ニーナが、わたくしを庇うように一歩前に出ようとします。
『《フン。どうやらただの観光旅行とはいかなくなったようだな、ルナイズ。》』
(…ええ、まったく。どこまでも厄介事がついて回りますわね。)
わたくしは、脳内で軽くため息をつきつつも、ふわりと微笑んでみせました。
「なるほど。ご忠告、ありがとうございます、ギルドマスター。」
「ルナイズには、私がついていますから。絶対に守り抜きます。」
ニーナも、力強く宣言しました。
「頼もしい相棒ができたようだな。…よし、ワシからの忠告は以上だ。達者でな。」
***
そして、わたくしたちは荷物を背負い、アルカディアの北の門へとやってきました。
「では、行ってまいりますわ。エリーゼさん、ギルドマスター。お見送り、本当にありがとうございます。」
わたくしとニーナが頭を下げると、エリーゼさんが少し目を潤ませながら、ニーナの手を両手で握りました。

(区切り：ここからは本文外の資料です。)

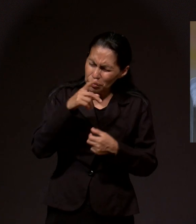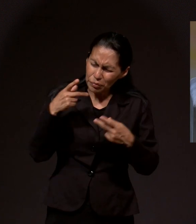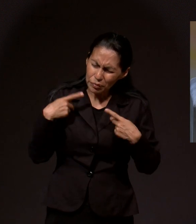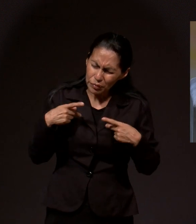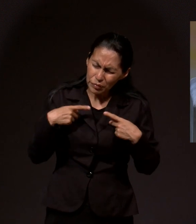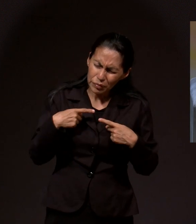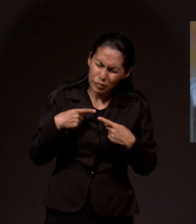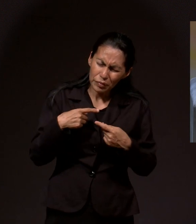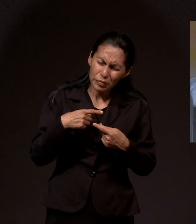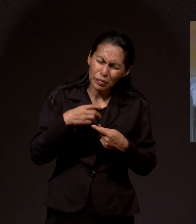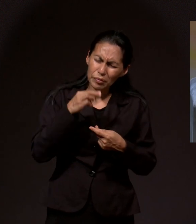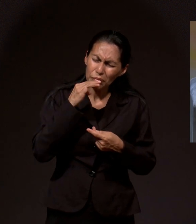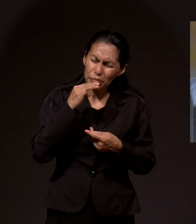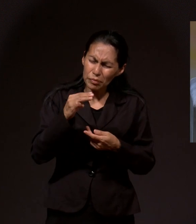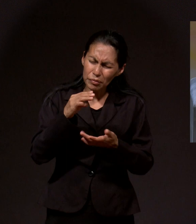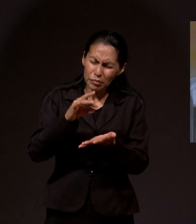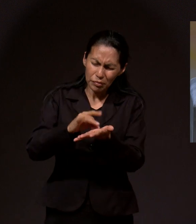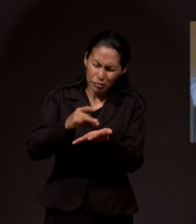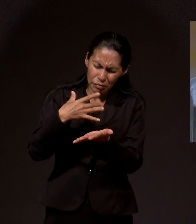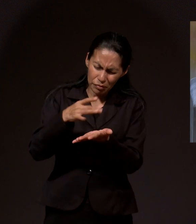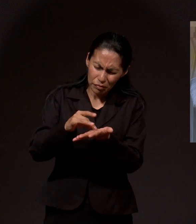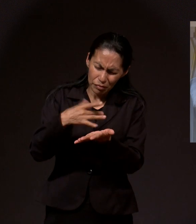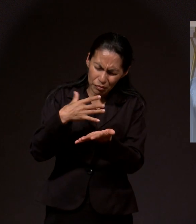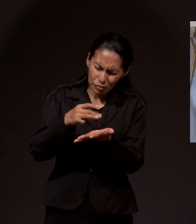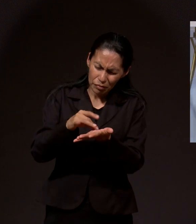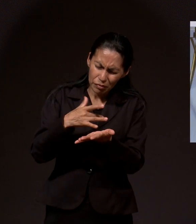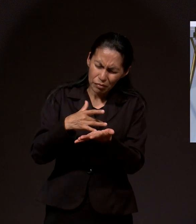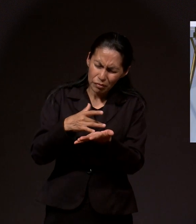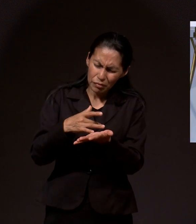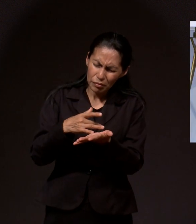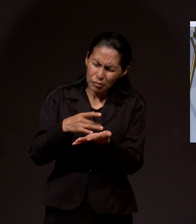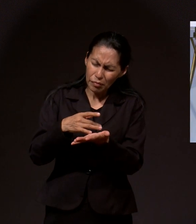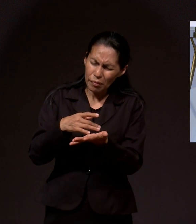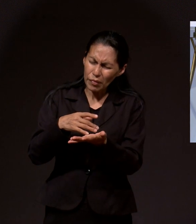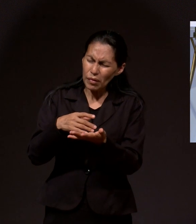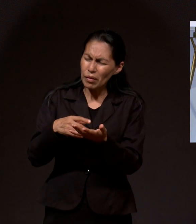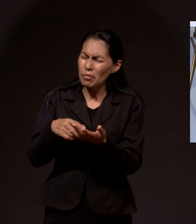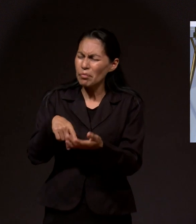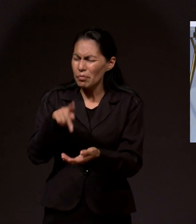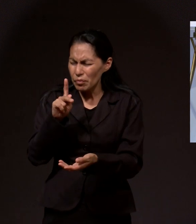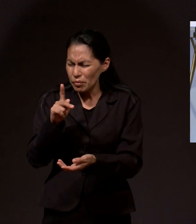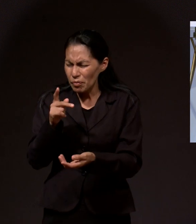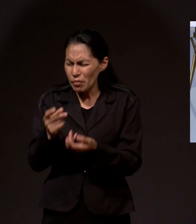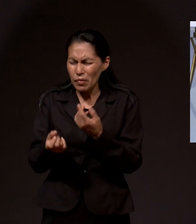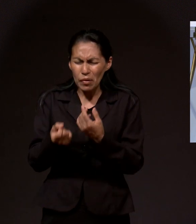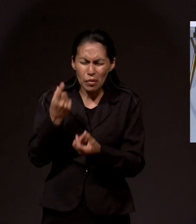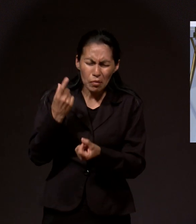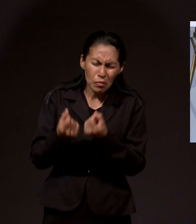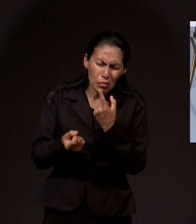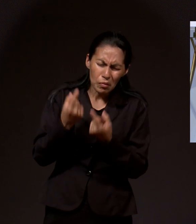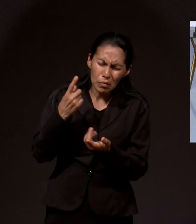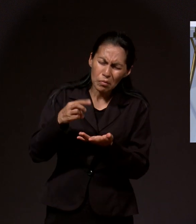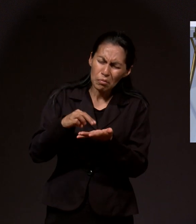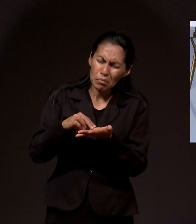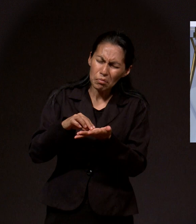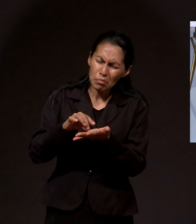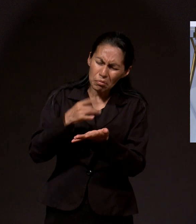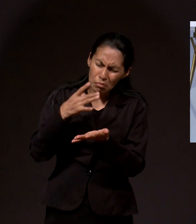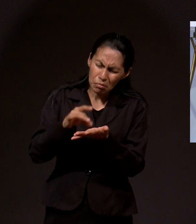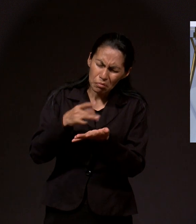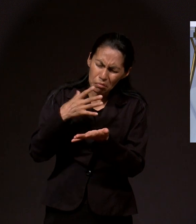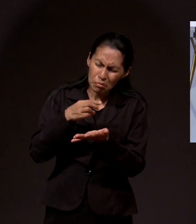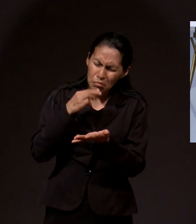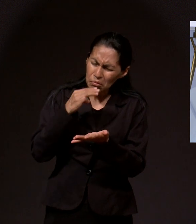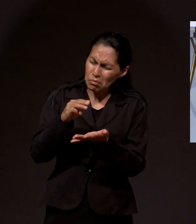en estas personas que han mandado sus mensajes. Pero también, Señor, hay personas que tampoco han

「ニーナ。無茶しちゃダメよ。…ルナイズさんのこと、よろしくね。」
「うん。エリーゼも、元気でね。また必ず、ここに戻ってくるから。」
エリーゼさんは、わたくしに向き直ります。
「ルナイズさんも。ニーナのことよろしくお願いします。」
「ええ、もちろんですわ。」
「気をつけて行けよ。何かあれば、またいつでもウチのギルドに来い。」
ギルドマスターが、豪快にわたくしたちの背中を叩きました。
『《…行くか、ルナイズ。》』
(ええ、参りましょうか、先生。)
アルカディアの優しい風が、わたくしたちの背中を押してくれました。